Effect of Heat Treatment on Mechanical Properties of 17-4 PH Stainless Steel Gyroid Lattice Structures Manufactured by Selective Laser Melting and a Study on Weight Reduction Methods

Abstract

Weight reduction is critical in various engineering applications, as it directly impacts performance, efficiency, and overall cost-effectiveness. Topology optimization (TO) and lattice structures are effective methods for weight reduction, and such intricate designs are typically produced by additive manufacturing (AM). This research article presents an experimental investigation on the mechanical properties of uniform and gradient gyroid lattice structures manufactured through selective laser melting (SLM) using 17-4 precipitated hardening (PH) stainless steel (SS) material. The study focuses on analysing the effects of three different heat treatment processes on the compressive mechanical behaviour of the lattice structures using stress–strain graphs. Uniform lattices demonstrate superior mechanical properties by ensuring consistent structure stiffness and strength.
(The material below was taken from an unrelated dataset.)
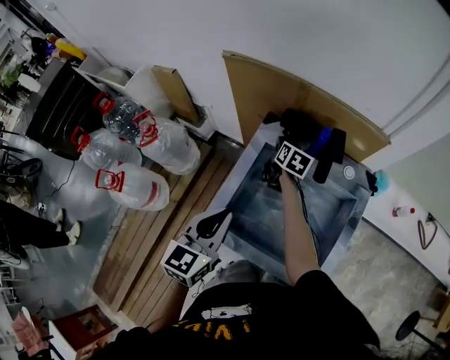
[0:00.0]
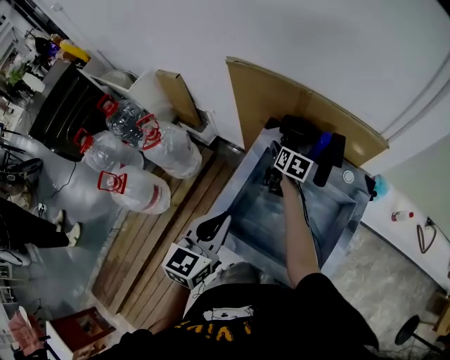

Heat treatments decreased the grain size, resulting in increased yield strength for uniform and gradient structures compared to as-built samples. From the results, as-built samples showed higher plateau stress and energy absorption due to lower martensite content, leading to increased stress in the plateau region. Furthermore, different weight reduction methods such as TO, lattices, and the combination of TO and lattice can be studied and explained using an anchor bracket by utilising uniform and gradient-type sandwich lattice.